Mais ceci est interprété comme un signe de confiance de la part des entreprises (elles se prépareraient à une hausse de la demande) et non comme le symptôme d’un moindre appétit de la part des consommateurs.

La demande de crédit à la consommation a également fait un bond en février. Les experts se sont empressés d’y voir un surgissement de l’envie de dépenser plus, de réaliser de gros achats… alors que la réalité, c’est que la baisse des salaires sur fond d’inflation réelle à 5% détruit le pouvoir d’achat des ménages, que les frais de scolarité explosent et que les dépenses de santé grimpent beaucoup plus vite que les subsides provenant de Medicare.

Tous les banquiers savent que la plupart de leurs clients ne parviennent plus à boucler leurs fins de mois. Pourtant, ils s’acharnent à les faire passer pour de nouveaux riches qui s’endettent pour s’offrir un cinq-étoiles à Hawaï avec voyage depuis New York en première classe.

Leur source d’inspiration est toute trouvée, c’était leur propre bon plan pour le jour de l’an… La seule variante, c’est qu’ils ont des dizaines de milliers de miles à écouler et que la chaîne d’hôtels leur appartient.

Vivre à crédit et payer plein pot, c’est une manie de pauvre… comme d’investir dans les actions quand elles sont au plus haut.
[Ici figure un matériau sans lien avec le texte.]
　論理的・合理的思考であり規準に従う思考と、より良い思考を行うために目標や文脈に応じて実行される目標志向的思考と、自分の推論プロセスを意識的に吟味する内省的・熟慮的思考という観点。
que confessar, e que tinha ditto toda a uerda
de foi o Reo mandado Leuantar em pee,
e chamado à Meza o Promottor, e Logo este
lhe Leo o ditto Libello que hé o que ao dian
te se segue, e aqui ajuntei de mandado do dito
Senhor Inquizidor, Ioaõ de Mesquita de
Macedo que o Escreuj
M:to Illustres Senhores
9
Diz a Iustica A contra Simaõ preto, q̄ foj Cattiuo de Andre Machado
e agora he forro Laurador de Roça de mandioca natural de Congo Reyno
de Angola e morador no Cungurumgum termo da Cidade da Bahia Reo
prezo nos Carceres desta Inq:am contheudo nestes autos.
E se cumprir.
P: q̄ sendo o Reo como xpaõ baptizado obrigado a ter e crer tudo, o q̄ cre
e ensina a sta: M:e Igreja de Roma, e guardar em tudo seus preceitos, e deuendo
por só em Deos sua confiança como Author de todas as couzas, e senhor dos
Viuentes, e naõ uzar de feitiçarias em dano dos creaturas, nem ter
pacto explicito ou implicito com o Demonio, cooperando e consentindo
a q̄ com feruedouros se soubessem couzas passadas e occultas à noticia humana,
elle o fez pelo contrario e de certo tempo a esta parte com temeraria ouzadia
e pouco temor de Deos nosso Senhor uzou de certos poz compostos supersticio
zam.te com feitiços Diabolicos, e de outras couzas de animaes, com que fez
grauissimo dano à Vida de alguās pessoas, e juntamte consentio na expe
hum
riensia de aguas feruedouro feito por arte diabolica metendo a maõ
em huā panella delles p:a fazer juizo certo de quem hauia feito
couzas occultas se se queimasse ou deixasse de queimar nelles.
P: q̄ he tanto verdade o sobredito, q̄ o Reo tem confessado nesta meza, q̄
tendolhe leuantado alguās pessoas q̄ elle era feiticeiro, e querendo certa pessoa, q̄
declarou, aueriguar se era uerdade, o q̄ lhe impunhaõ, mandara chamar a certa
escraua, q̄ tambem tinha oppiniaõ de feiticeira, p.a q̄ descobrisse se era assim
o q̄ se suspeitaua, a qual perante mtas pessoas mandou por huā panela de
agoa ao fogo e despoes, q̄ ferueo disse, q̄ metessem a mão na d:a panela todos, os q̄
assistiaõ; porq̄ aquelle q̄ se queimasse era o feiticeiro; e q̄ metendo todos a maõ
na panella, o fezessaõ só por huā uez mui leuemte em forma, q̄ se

Mais quelque chose a changé et qui leur échappe : les épargnants sont rincés par les trois krachs majeurs de 2001, 2007 et 2011. Les apprentis day traders ont été consciencieusement plumés jusqu’au croupion… et ce sont les 5% d’Américains les plus riches — dont une majorité de financiers — qui détiennent aujourd’hui (directement ou indirectement) 85% des actions.

A qui peuvent-ils espérer les revendre pour transformer leurs gains virtuels en profits réels ?

La Fed se trompe en leur versant presque directement quatre milliards de dollars supplémentaires par jour. Il faudrait au contraire les déposer sur des comptes d’épargne en action réservés à la classe moyenne.

Trop tard : elle est quasiment moribonde, évaporée comme la Mer d’Aral privée du débit des fleuves détournés en amont.

Tout comme Wall Street détourne depuis 10 ans les flux de liquidités destinés à l’économie réelle.